环氧乙烷基聚合物在高分子材料领域中的重要性日益彰显。因实验技能要求高，相关合成方法学发展缓慢。本项目中，申请人计划利用离子特异性和抗衡离子效应构建经济、简便和环境友好的新型有机小分子催化体系，发展基于环氧乙烷离子型开环反应的高分子结构设计与合成新策略，包括：（1）将传统阴离子聚合与新催化体系结合，进行烯类单体与环氧乙烷的连续聚合；（2）将本不能自聚的环状化合物（如环酚酯、环状酸酐）与环氧乙烷在有机小分子催化下进行离子型交替共聚，发展结构可控的新型杂链聚合物；（3）将环氧乙烷与环氧化丙烯腈进行离子型开环共聚，通过共聚物中氰基的化学改造获得含有氨基、酰胺等功能基团的聚醚；（4）以环氧化聚二烯烃为链转移剂，进行环氧乙烷的“穿梭式”接枝聚合，合成单点双枝型接枝共聚物。本项目的实施将丰富高分子合成方法，为相关高分子的设计、合成、改性提供思路。

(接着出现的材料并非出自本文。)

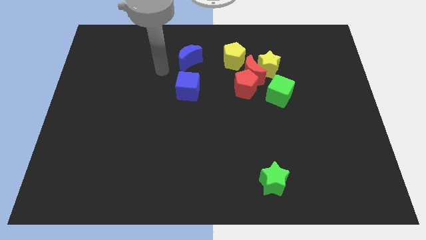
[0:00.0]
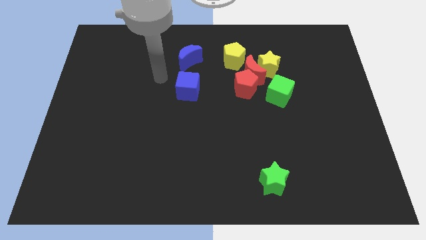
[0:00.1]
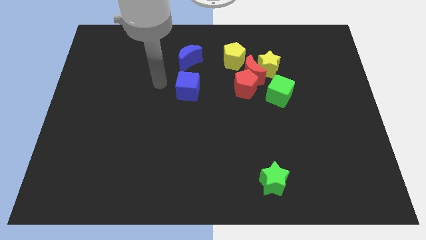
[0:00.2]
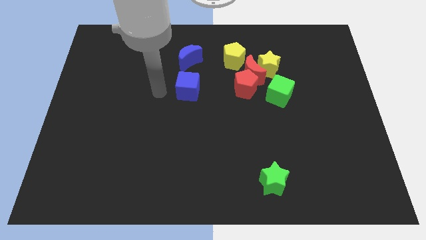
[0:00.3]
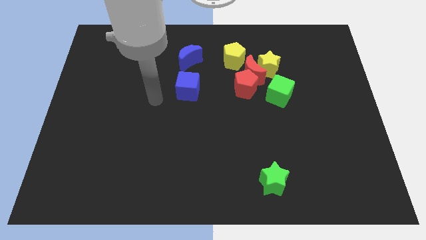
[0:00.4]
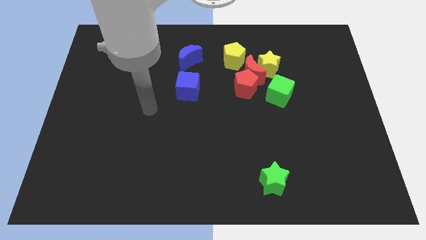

环氧乙烷是第二大乙烯衍生物，聚乙二醇等高分子材料是其主要下游产品种类之一，具有非常广泛而重要的用途。我国具有近千万吨的环氧乙烷产能，然而，由于合成方法和生产工艺发展较为滞后，环氧乙烷的聚合物仍很大程度上依赖进口。基于这一背景以及项目负责人的研究特长，本小组一直以环氧乙烷的聚合反应和环氧乙烷基高分子材料的合成方法为核心研究内容。自本项目立项以来，我们按照研究计划对有机小分子催化的环氧乙烷离子型聚合若干体系进行了系统研究，主要取得了以下三个方面的成果。1) 利用简单的有机小分子催化剂，实现环氧乙烷与苯酐的活性交替共聚，获得分子量高达20万且窄分散的交替型聚酯，并提出“自缓冲”催化机理，为环氧基聚酯材料的简便、可控合成提供了重要路径。2) 发展新型“催化转换”策略，成功地将环氧乙烷的链式开环聚合与聚乙二醇-二异氰酸酯的逐步加成聚合串联，实现结构复杂的环氧乙烷基两亲性、多嵌段聚氨酯的一锅法简便合成，并发现其具有可调控的微相分离性质，可用于构建蛋白吸附/抗吸附表面。3) 发展新型双组分有机催化剂，使环氧乙烷的开环聚合在效率、选择性、反应条件等方面突破传统强碱型单组分催化剂的局限，可在室温、本体条件下使环氧乙烷发生高效的开环聚合，分子量在几百到几十万间可控，催化剂具有优异的官能团耐受性，且残留物无细胞毒性。总之，本项目为环氧乙烷的离子型开环聚合发展了更加高效、可控、简便、经济、绿色化的新型有机小分子催化体系，开辟了若干嵌段、交替共聚和端基官能化方法，获得了新型环氧乙烷基高分子结构及一定的构性关系信息，为环氧基高分子合成方法和环氧乙烷基高分子材料的发展和优化提供了重要的思路，并为环氧乙烷有机催化聚合的工业化应用打下了重要基础。